In this project, we aim to investigate whether and what user data is collected by health-related mobile applications (mHealth apps), to characterise the privacy conduct of all the available on Google Play mHealth apps, and to gauge the associated privacy risks. To this end, we design an automated data crawling, analysis of the static source code and apps' files/codes as well as run-time network traffic, and analysis of public app reviews.
On Google Play store, we found 20,991 mHealth apps which included 15,838 free apps (requiring neither download nor subscription costs) and 5,159 paid apps.
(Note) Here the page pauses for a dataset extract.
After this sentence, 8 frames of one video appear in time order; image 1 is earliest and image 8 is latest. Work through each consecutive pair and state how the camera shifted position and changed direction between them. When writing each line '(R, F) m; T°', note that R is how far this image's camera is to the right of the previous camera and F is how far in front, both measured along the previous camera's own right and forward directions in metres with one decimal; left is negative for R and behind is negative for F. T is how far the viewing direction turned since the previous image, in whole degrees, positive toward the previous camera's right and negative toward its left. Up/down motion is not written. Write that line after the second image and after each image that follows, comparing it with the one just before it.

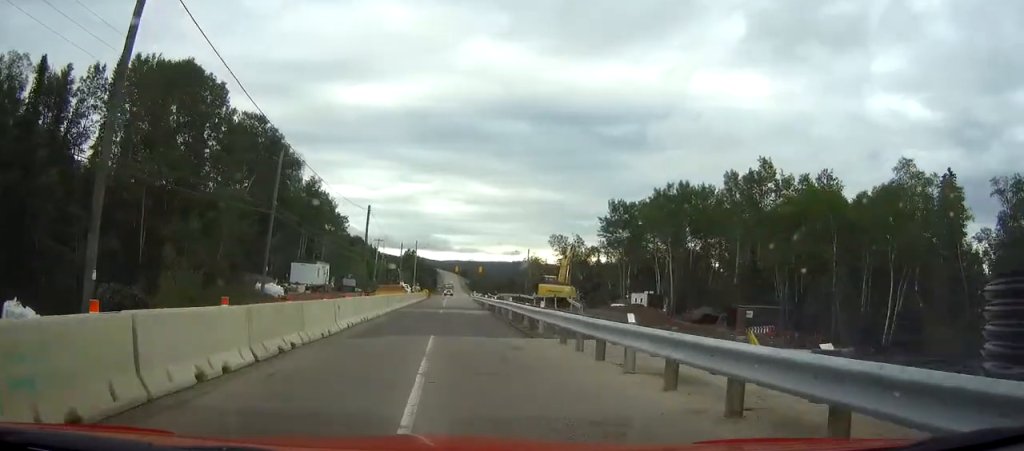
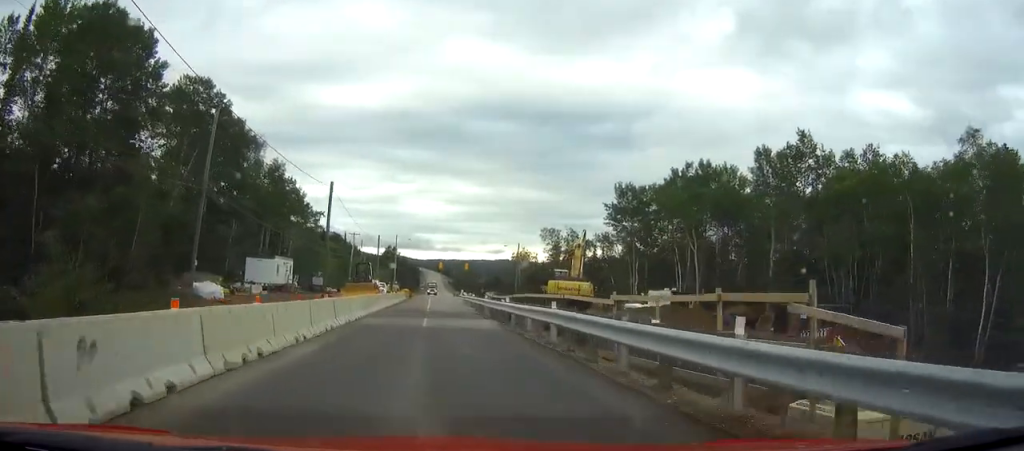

We found that 88% of mHealth apps collect/share user data. 16.8% of the detected data-collection practices, are towards the app developers (first-party), while 83.2% are towards external services providers (third-parties). A small number of third-parties (including popular services, like Google and Facebook) received 67.8% of the collected data. 23% of privacy leaks occur on insecure communications protocols. 20% of apps provide no privacy policies, while only 47% of data leaks are compliant with the practices disclosed by in the privacy policy. Less than 2% of users' reviews raised privacy concerns.
Our large-scale analysis of mHealth apps surfaced serious privacy issues, with limited awareness of app users. It is important for clinicians to articulate these to patients, in order to be able to accurately weigh the benefits and risks of the apps.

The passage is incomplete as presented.